**Goal of the exercise**: With "Which" as the search word, show every line of the material that has it.

**Dataset excerpts**:

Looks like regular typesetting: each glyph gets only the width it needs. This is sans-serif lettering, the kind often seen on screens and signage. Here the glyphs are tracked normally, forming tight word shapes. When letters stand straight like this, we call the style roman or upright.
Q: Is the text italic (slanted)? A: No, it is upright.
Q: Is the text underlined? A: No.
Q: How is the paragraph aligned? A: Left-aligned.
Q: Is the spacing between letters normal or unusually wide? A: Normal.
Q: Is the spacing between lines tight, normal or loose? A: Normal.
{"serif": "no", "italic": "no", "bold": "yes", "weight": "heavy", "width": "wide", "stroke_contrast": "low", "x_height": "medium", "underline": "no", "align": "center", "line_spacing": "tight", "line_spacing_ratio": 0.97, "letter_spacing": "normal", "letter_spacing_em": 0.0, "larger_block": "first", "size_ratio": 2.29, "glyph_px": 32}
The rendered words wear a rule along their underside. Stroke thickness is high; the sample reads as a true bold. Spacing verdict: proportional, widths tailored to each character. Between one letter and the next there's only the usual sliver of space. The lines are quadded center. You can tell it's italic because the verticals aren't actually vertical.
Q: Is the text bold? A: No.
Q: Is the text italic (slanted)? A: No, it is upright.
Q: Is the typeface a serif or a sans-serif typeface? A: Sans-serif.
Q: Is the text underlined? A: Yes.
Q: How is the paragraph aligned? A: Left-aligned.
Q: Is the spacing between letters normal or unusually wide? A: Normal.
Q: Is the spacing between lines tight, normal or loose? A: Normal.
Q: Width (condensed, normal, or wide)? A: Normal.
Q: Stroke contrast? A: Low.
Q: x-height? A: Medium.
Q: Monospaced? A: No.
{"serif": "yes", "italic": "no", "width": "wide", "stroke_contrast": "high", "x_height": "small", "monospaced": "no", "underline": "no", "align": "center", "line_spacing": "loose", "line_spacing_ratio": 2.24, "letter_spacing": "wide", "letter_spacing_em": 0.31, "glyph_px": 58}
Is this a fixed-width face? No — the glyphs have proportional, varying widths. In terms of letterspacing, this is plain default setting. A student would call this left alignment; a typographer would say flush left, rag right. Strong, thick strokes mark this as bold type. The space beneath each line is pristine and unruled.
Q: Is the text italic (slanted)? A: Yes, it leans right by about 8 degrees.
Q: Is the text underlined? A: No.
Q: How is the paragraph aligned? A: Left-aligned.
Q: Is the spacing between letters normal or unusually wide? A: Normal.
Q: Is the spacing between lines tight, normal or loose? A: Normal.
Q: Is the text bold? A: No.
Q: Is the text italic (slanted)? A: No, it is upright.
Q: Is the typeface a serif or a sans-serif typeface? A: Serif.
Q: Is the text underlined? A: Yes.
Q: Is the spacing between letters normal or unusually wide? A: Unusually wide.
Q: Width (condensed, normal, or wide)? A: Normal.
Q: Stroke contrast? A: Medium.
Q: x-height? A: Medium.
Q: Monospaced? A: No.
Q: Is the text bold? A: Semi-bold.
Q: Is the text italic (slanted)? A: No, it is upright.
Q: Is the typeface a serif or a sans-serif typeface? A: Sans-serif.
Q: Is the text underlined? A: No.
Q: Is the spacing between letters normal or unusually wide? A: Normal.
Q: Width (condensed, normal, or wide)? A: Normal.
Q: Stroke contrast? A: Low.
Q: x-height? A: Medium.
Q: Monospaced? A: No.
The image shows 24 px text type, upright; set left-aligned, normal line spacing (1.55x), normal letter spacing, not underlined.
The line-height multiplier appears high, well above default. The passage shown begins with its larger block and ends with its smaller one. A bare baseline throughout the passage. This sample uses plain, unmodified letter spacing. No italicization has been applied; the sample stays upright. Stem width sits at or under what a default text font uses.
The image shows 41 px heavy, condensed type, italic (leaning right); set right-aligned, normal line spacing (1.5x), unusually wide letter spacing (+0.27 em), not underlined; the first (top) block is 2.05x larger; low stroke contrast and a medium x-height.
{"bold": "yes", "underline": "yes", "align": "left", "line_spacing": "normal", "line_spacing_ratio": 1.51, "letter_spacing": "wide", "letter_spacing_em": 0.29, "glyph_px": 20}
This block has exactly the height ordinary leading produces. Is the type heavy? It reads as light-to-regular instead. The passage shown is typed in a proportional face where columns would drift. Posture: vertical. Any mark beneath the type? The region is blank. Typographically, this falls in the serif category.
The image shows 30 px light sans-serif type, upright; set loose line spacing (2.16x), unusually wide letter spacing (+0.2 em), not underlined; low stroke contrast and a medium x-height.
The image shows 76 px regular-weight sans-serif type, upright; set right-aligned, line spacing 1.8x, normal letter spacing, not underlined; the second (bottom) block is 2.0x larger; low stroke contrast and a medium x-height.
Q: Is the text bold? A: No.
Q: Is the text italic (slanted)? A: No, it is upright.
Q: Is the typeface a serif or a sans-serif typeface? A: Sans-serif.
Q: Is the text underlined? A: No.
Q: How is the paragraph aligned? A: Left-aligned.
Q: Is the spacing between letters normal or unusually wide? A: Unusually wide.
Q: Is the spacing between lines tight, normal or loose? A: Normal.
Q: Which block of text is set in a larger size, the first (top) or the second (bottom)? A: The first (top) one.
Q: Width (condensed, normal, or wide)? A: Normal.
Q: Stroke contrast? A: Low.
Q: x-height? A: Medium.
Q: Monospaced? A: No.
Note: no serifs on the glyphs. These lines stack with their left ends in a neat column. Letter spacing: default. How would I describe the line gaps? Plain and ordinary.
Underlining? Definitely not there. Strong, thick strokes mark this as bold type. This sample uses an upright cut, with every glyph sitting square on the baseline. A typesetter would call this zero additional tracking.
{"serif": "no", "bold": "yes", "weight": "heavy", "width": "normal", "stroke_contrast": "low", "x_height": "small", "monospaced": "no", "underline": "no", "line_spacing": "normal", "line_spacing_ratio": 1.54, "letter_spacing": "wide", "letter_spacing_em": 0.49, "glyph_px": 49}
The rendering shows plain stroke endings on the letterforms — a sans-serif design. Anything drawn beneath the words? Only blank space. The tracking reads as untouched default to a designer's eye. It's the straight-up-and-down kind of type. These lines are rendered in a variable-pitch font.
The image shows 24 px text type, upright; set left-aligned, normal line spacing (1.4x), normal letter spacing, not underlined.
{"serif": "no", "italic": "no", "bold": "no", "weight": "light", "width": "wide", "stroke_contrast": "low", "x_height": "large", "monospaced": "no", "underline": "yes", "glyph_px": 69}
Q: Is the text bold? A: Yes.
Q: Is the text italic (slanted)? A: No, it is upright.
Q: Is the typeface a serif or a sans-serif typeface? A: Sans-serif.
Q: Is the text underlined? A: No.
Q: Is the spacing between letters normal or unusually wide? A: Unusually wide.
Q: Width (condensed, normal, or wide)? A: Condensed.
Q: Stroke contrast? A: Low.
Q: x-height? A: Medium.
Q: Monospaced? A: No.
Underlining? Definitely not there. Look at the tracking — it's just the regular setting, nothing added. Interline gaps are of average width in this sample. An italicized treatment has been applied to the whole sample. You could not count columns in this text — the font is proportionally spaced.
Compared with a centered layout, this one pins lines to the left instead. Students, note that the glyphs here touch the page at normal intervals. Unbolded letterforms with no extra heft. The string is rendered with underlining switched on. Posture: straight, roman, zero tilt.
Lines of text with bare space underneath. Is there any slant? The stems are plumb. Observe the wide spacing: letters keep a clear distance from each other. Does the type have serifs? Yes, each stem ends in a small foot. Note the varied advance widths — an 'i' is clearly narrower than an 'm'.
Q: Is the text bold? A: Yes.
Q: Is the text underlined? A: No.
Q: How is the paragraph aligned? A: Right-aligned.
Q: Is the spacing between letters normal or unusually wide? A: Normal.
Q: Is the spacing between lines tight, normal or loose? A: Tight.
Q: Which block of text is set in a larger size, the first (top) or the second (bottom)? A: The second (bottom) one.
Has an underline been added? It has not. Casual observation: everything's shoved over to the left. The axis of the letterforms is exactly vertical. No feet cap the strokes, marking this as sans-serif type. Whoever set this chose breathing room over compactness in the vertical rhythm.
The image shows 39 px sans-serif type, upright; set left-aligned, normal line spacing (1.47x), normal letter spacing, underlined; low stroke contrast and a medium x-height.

**Exercise solution**:
Q: Which block of text is set in a larger size, the first (top) or the second (bottom)? A: The first (top) one.
Q: Which block of text is set in a larger size, the first (top) or the second (bottom)? A: The second (bottom) one.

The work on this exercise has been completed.